# Jbl ms8 vs audio control dq61



## talan7 (Jan 19, 2014)

Has anyone done a comparison on these 2 products or owned both? Which one was better? I have the ms8 installed now but I think it's blown. I've had issues since I had it with static but when it worked it sounded very nice. How is the audicontrol dq61 in comparison? Soundstage? Imaging? Ease of use?


----------



## Lycancatt (Apr 11, 2010)

honestly..i'm not a fan of either piece. The ms8 has weird reliability issues but as you say is nice when it works. The audiocontrol user interface is really crappy and its got a high noise floor. I'd personally try for almost any other dsp than either of those.
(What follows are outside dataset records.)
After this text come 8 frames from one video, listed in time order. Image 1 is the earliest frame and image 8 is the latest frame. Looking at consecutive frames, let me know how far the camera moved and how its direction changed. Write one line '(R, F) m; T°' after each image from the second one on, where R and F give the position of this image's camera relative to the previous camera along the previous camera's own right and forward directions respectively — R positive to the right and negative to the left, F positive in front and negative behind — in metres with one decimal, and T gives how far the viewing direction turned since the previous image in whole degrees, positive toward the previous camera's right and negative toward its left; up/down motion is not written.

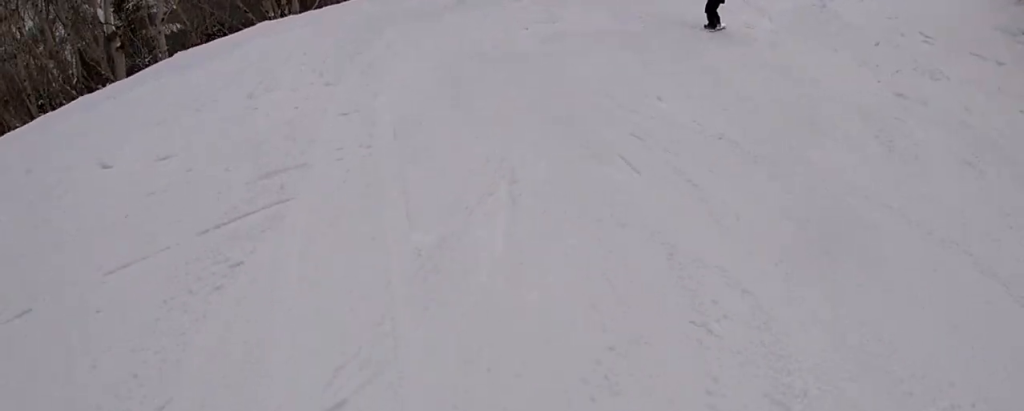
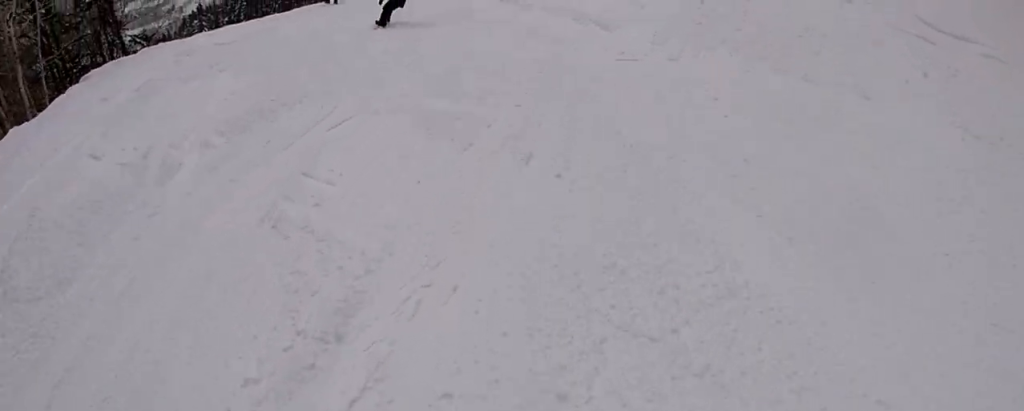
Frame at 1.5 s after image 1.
(-0.4, +7.3) m; +9°
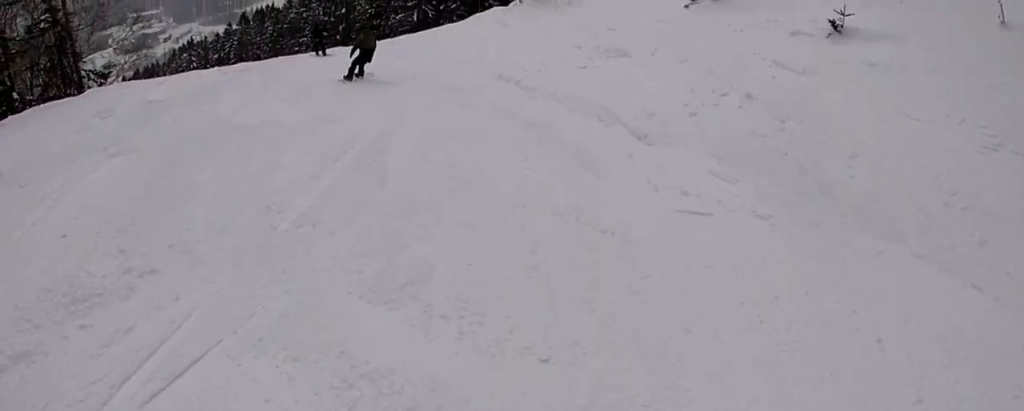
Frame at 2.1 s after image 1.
(+0.5, +3.0) m; +14°
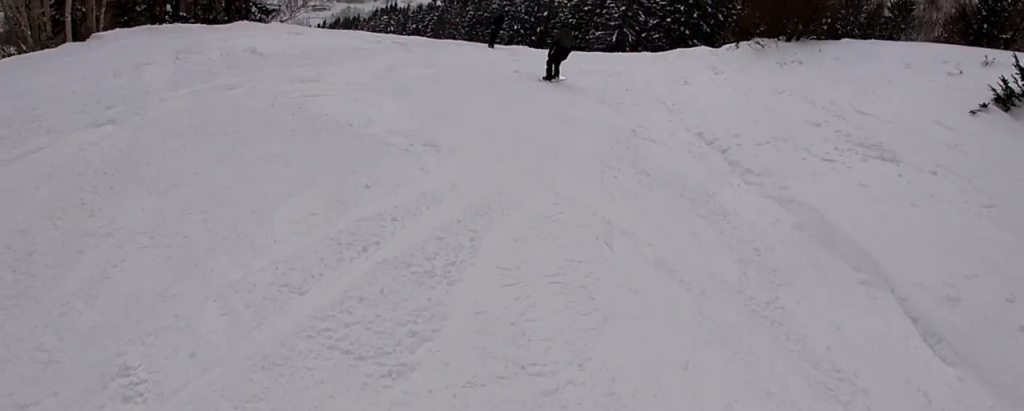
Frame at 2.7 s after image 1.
(+0.3, +3.1) m; +5°
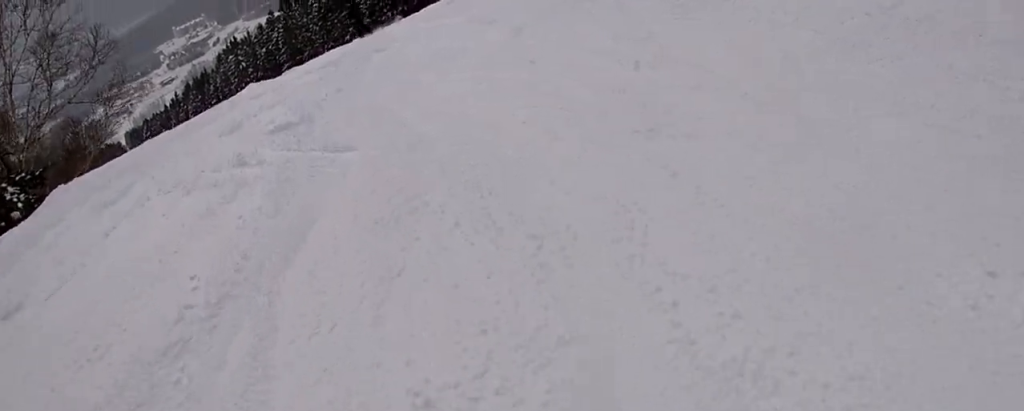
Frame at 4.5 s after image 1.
(-3.5, +8.3) m; -33°
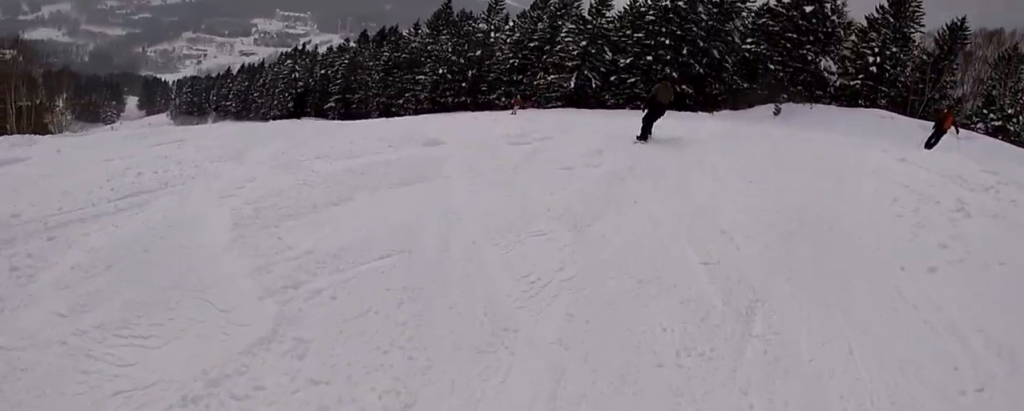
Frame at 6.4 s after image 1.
(+6.0, +8.9) m; +36°
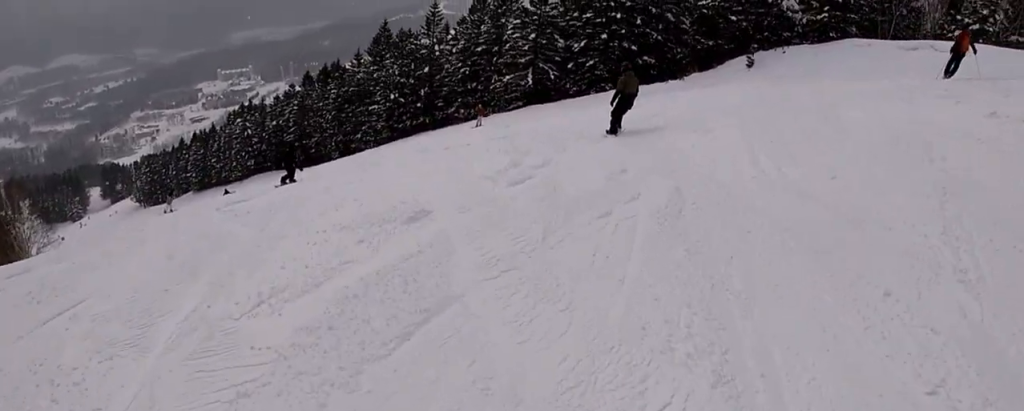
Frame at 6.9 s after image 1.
(-0.4, +2.5) m; -6°
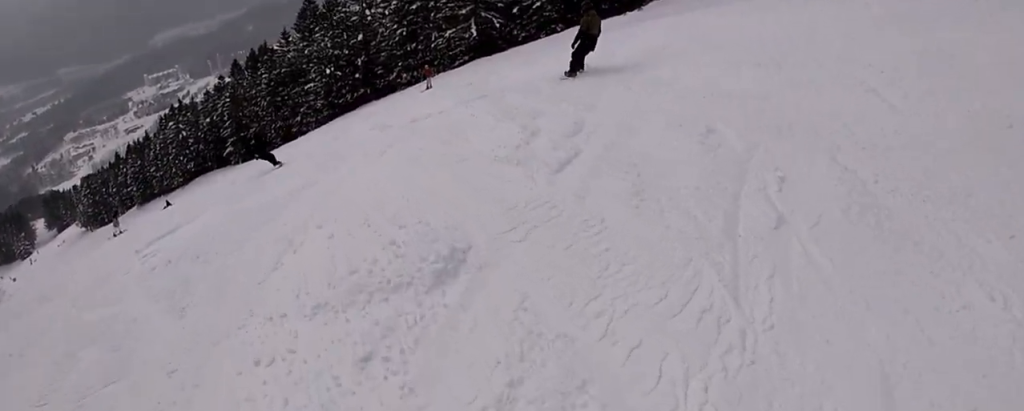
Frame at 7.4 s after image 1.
(-0.5, +2.8) m; -9°

What are your processing needs? two way front plus sub? three way front plus sub? center channel?


----------



## 1996blackmax (Aug 29, 2007)

I used the DQ-61 for a while. It was a nice upgrade from the stock setup, but eventually I ran into a wall when it came to tuning. The time alignment function is very easy to use, but a bit coarse in the steps. For the EQ part, I would have to keep going back to the trunk. If you want to be able to have a good amount of tuning options, I would go with another DSP unit. The DQ-61 does have its place...for someone who wants some EQ capabilities, easy TA function, & doesn't want to use a computer.


----------



## talan7 (Jan 19, 2014)

Lycancatt said:


> honestly..i'm not a fan of either piece. The ms8 has weird reliability issues but as you say is nice when it works. The audiocontrol user interface is really crappy and its got a high noise floor. I'd personally try for almost any other dsp than either of those.
> 
> What are your processing needs? two way front plus sub? three way front plus sub? center channel?
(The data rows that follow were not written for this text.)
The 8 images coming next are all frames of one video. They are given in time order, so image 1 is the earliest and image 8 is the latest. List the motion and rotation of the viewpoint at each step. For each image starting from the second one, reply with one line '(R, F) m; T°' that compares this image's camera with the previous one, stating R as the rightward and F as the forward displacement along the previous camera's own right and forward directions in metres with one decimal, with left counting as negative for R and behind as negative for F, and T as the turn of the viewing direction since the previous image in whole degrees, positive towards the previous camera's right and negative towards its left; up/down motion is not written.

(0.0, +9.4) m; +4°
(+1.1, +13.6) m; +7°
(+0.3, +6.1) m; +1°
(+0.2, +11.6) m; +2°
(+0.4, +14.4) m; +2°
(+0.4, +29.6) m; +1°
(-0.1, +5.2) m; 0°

I've got 2way front, 6x9 rears, rear 6.5 doors, 3.5 center and sub so 8 channels but I don't use logic 7, I prefer stereo. 

Which do you prefer of the two? Which other would you recommend?


----------



## wanderer1 (Dec 22, 2014)

I have the DQ-61 and as mentioned it has its place and works great for me. It is simple to use but doesn't have all the features that other options do. I was interested in the discontinued DQL-8 and bought one. It seems to have more TA options and equalizing capabilities. With the optional remote it would be easy to adjust from front seat. I started a thread asking kind of the same thing you are, except I am asking about the DQ-61 versus the DQL-8. I don't have a lot of experience with other DSPs and have always been happy with my Audio Control equipment.


----------